蕭徹失笑:“年前?還有不到四個月,會不會太急?”
“不急。”蕭承稷道,“兒臣做夢都想娶她。”
蕭徹看了他一眼,忽然想起了當年的自己。
“好。”蕭徹在聖旨上寫下賜婚二字,“朕準了。”
蕭承稷大喜:“謝父皇!”
他接過聖旨,小心翼翼地收好,眼中滿是歡喜。
蕭徹看著他,忽然道:“承稷,你可知道,朕當年娶你母後,也等了很多年。”
蕭承稷點頭:“兒臣知道。”
“那你知道,朕為何願意等?”
蕭承稷想了想:“因為值得。”
蕭徹笑了:“對,因為值得。有些人,值得你用一生去等待,用一生去珍惜。晏禾那丫頭,就是值得的人。”
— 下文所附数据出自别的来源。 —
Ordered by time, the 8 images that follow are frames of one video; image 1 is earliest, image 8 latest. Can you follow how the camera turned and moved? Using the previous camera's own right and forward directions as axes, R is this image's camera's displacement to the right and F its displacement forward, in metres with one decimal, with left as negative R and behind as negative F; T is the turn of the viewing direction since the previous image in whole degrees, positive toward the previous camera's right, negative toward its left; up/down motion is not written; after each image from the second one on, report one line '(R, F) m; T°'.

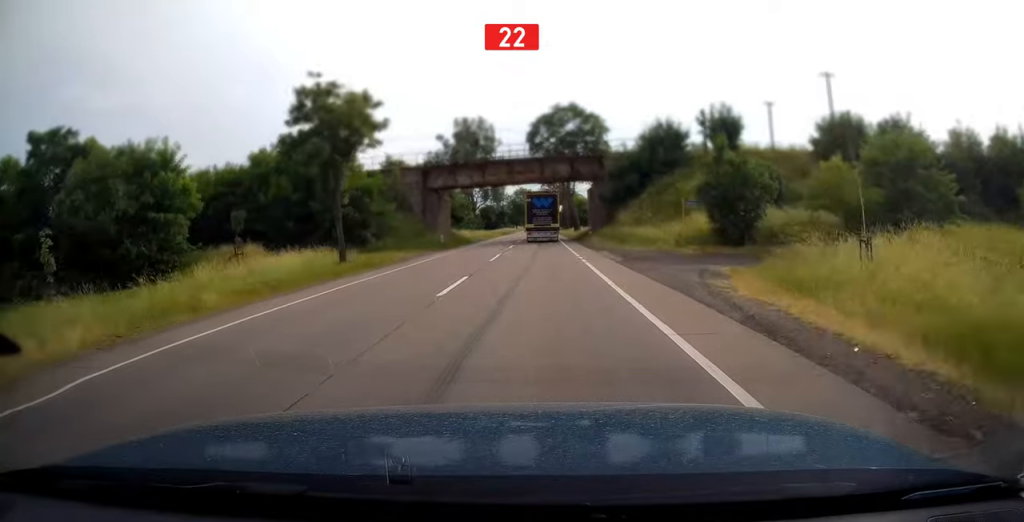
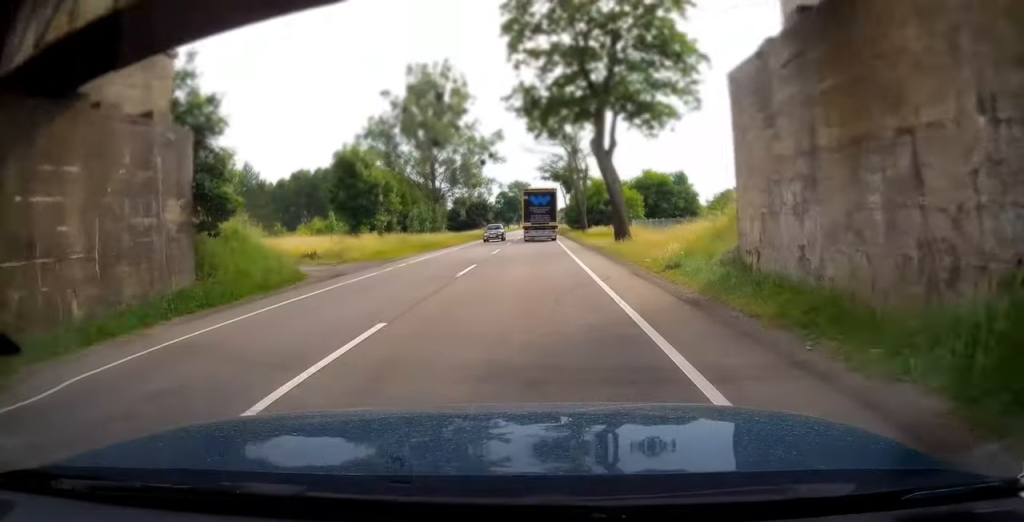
(+0.1, +44.4) m; 0°
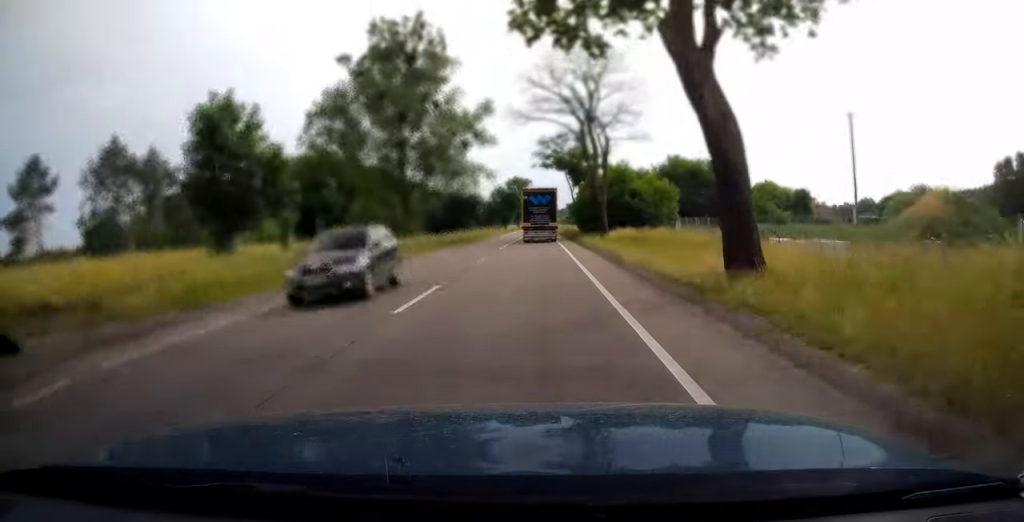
(0.0, +19.1) m; 0°
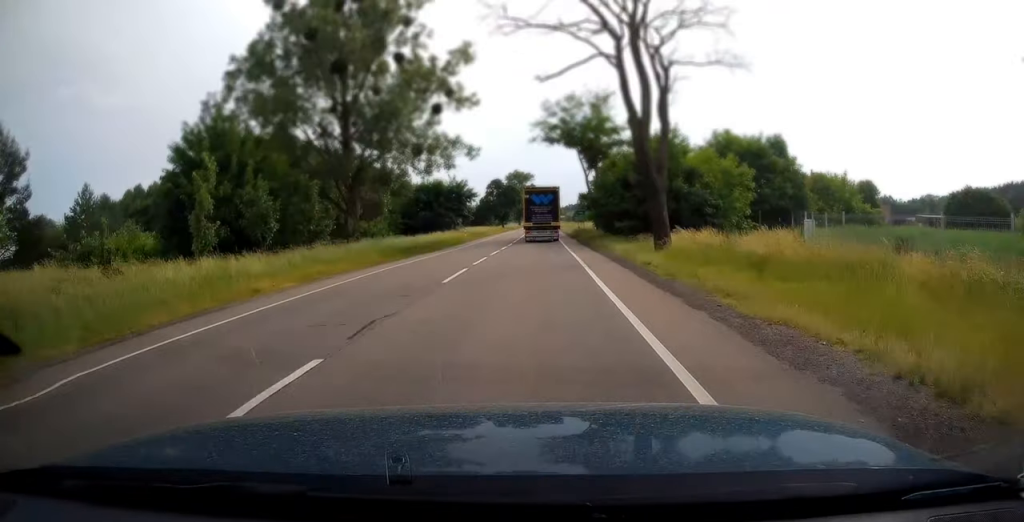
(0.0, +19.6) m; 0°
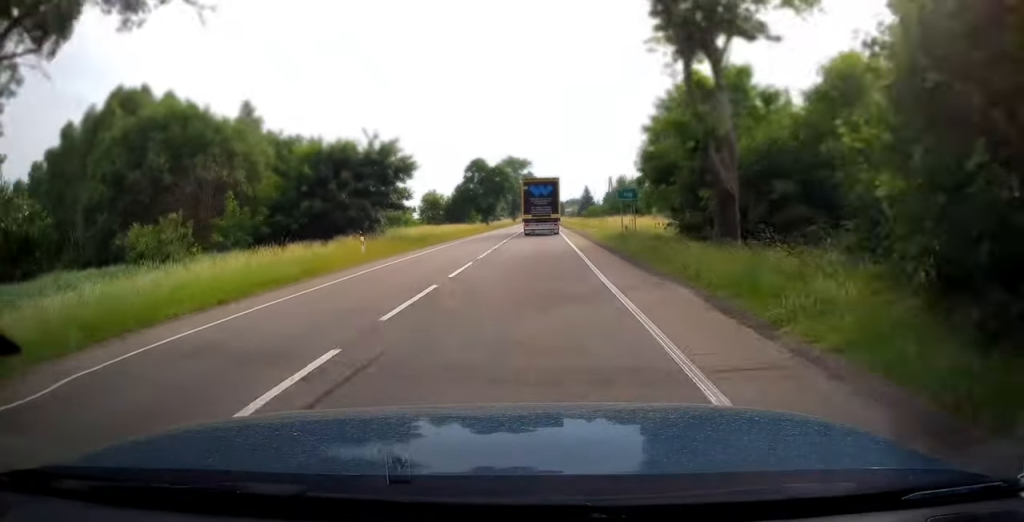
(0.0, +35.8) m; 0°
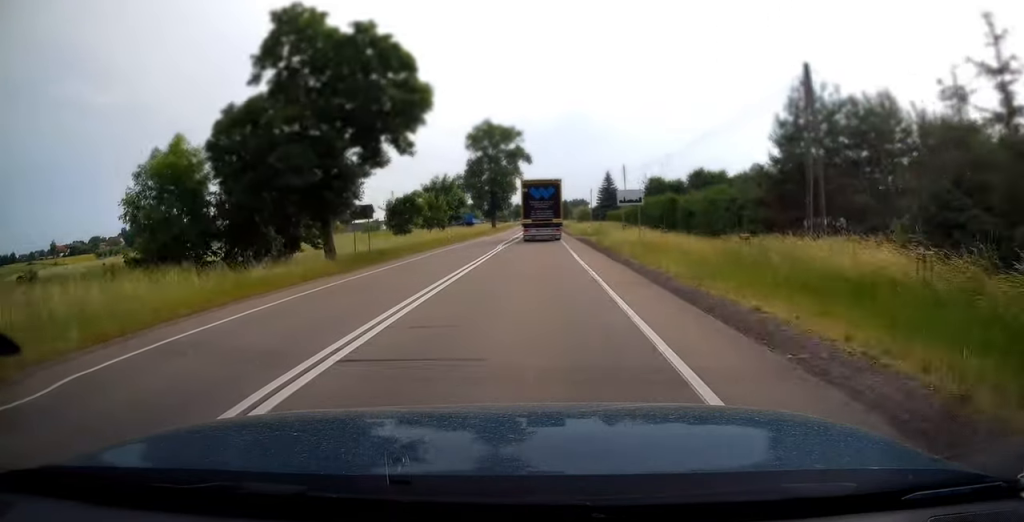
(0.0, +72.3) m; 0°
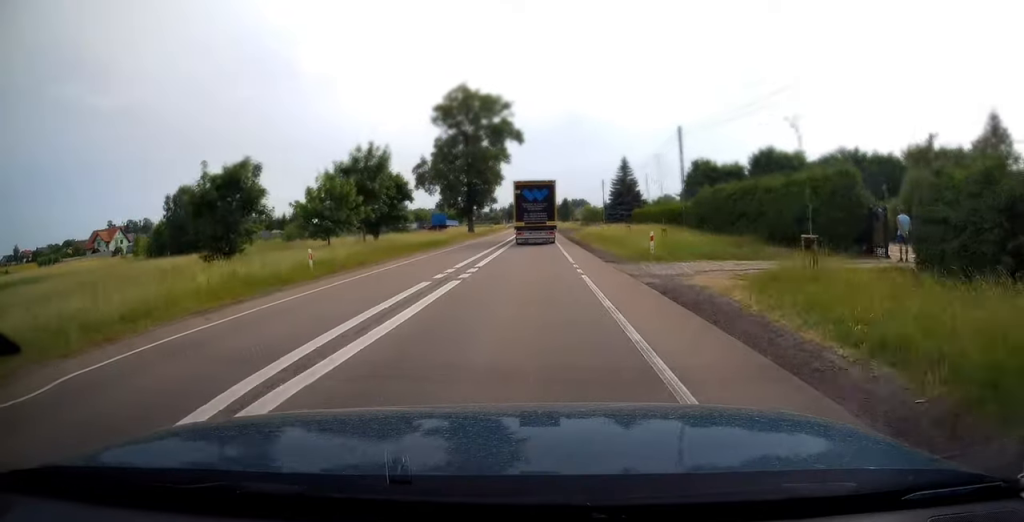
(+0.3, +31.3) m; 0°
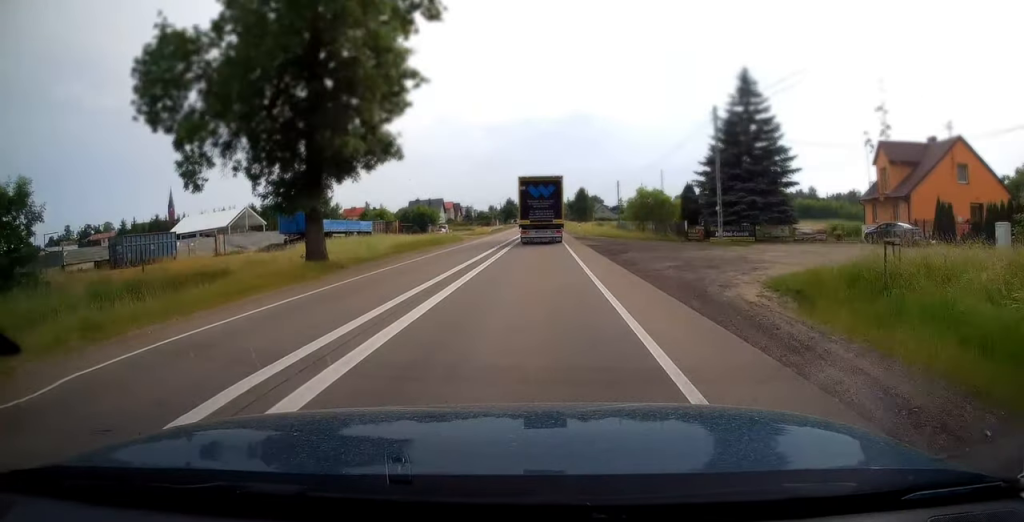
(-0.7, +58.9) m; -1°

他看著兒子,目光溫和:“既然娶了,就要好好待她。莫要辜負,莫要後悔。”
蕭承稷鄭重道:“兒臣謹記。”
賜婚的聖旨很快傳遍京城。
臘月十八,大吉,宜嫁娶。
日子定了下來。
陸府開始緊鑼密鼓地籌備婚事,東宮也忙碌起來。
陸晏禾每日在家中繡嫁妝,閒暇時便抱著大寶,和它說話。
“大寶,你說,成親是什麼感覺?”
大寶眨巴著大眼睛,蹭蹭她的手。
“我也覺得會很好。”陸晏禾輕聲道,“太子哥哥對我那麼好,以後一定會更好的。”
大寶叫了一聲,彷彿在附和。
陸晏禾笑了,將它抱得更緊。
而東宮裡,蕭承稷正在看禮部擬的婚儀章程。
“殿下,您都看了三遍了。”小順子忍不住道。
蕭承稷麵不改色:“再看一遍,確保萬無一失。”
小順子心中吐槽:殿下這分明是太高興了,看多少遍都不夠。
不過,看到殿下終於得償所願,他也為主子高興。
等啊等,熬啊熬。
終於等到這一天了。
小順子悄悄擦了擦眼角。
蕭承稷放下章程,望向窗外的月光。
臘月十八。
還有兩個月。
九年都等了,不差這兩個月。
隻是……
真的好想立刻就把她娶回來。
蕭承稷歎了口氣。
罷了,來日方長。
這一生,還有幾十年可以和她在一起。